Think about this: The IoT application your DevOps team is developing right now, if successful at scale, will likely be the longest-living application in your shop. It may even outlive the tenure of many of your team members with your company. Is IoT future-proofing possible over a life cycle of 10 years or more? Yes, with some insight for the long haul borrowed from industrial and defense computing experience.
That may sound counterintuitive for DevOps because those industries aren’t exactly known for agile processes. They’re designed around minimizing change and containing risk in mission-critical situations. IoT technology is evolving rapidly and it’s difficult to say what things may look like in a year or two, much less 10. What IoT applications have in common with industrial and defense systems is that they are often complex. Your operational technology (OT) people probably appreciate how complex their existing production environments have been. IoT applications add elements of wireless connectivity, cloud architecture, real-time performance, end-to-end security and algorithmic sophistication.
At-scale IoT applications will require mastery of complexity, and lessons learned can help. The objective is not to avoid change but rather to “build the airplane while flying.” The core DevOps concept of continuous application release and testing needs to extend beyond just the application code. Teams will need to be detail oriented, looking at device configurations, interoperability, data integrity and how analytic insights evolve as data accumulates.
Buying an enterprise server usually means selecting a commodity: Pick a processor model and frequency, memory size, number of Ethernet and USB ports, storage interfaces and packaging. In the cloud, selections in elastic instances are even easier. As long as the box fits and runs the desired operating system, the details of what’s inside aren’t that important. If you have to buy another one in two or three years, there are likely higher performance choices available.
In long-lifecycle computing for IoT applications, boxes aren’t commodities. Real-time performance drives differences in processor and board architecture. If you have to buy another one in two or three years, that could be a problem. Vendors often offer industrial and defense customers revision control services, ranging from notification of changes to extended availability of specific configurations. Assuring supply sometimes means a lifetime purchase of components, perhaps as bonded inventory for a customer.
Even simple IoT devices, such as wireless sensors, can present a problem on a 10-year scale. Connectivity specifications evolve, with both major changes and minor revisions. Cellular standards reach sunset as mobile subscribers leave them behind. Vendor support for older gear is often given reluctantly, frequently expensive and sometimes non-existent unless an upgrade is executed.
Choosing interoperable frameworks with robust ecosystems will be critical for success in the long haul. Teams should be prepared with a “plan B” if a vendor is acquired and stops offering a specific configuration, or if they cease operations altogether. Devices with over-the-air (OTA) programming help keep pace with specification changes and alleviate security concerns as they arise.
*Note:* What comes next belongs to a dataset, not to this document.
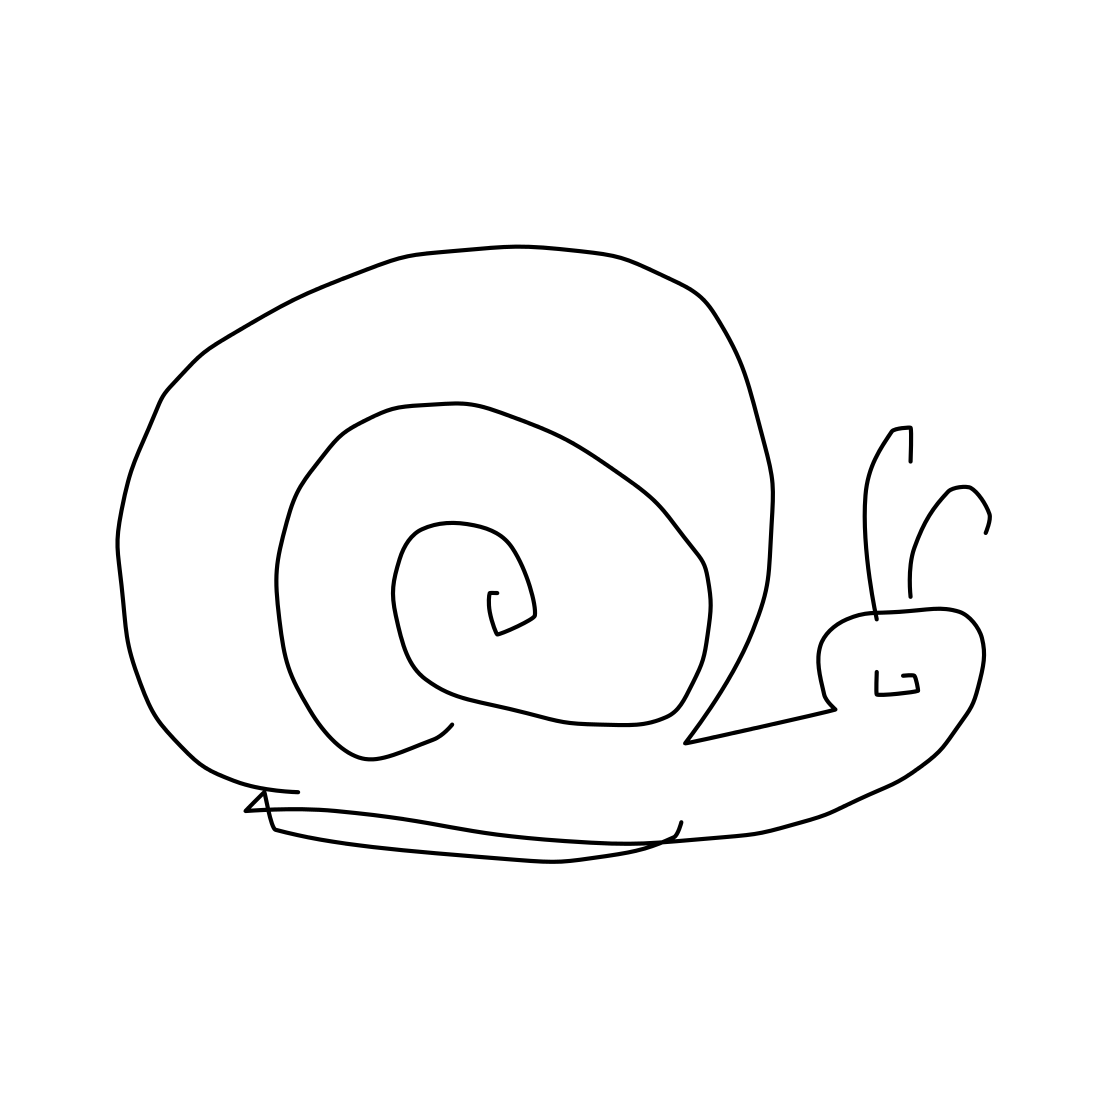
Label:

Teams won’t be able to just stop the IoT plane and work on it. Data collected on day 1 will be just as valuable as data collected on day 3650, if it’s handled correctly through IoT future-proofing tactics. Often, IoT devices connect to networks easily. The real test of an IoT application comes when data starts flowing, perhaps from thousands of devices. Is the data from an authorized device? Is all the data in the correct format? Is it time-stamped properly? Is it checked for errors and missing frames?
Presumably, when an IoT application succeeds, the temptation to scale quickly sets in. Suppose a new group of sensors is added with the same class of information in a slightly different format. The system should abstract formats and sanitize data at the edge, so all data reaching the cloud is ready for algorithmic processing. For example, JSON is one tool that can help with abstraction. Edge computing may also use generative models to reduce data transmitted to the cloud, forwarding only out-of-bounds conditions for further analysis.
At the onset of an IoT project, teams have an idea of what they have set out to accomplish. Inevitably, as projects mature new insights come out of analytics. The architecture may not be optimized to deliver those insights in real-time, and changes may be necessary to speed up delivery of algorithmic results. Workflow optimization is an ongoing process for IoT teams. This is the ultimate instance of rebuilding the plane while in flight, extracting more value from an in-place system.
The Ethos of IoT Future-Proofing
IoT future-proofing is possible by embracing both the longevity and the complexity of the application. Shifting your team ethos from maintaining a static configuration to developing a living application architecture, helps overcome events certain to happen over a 10-year life cycle and beyond.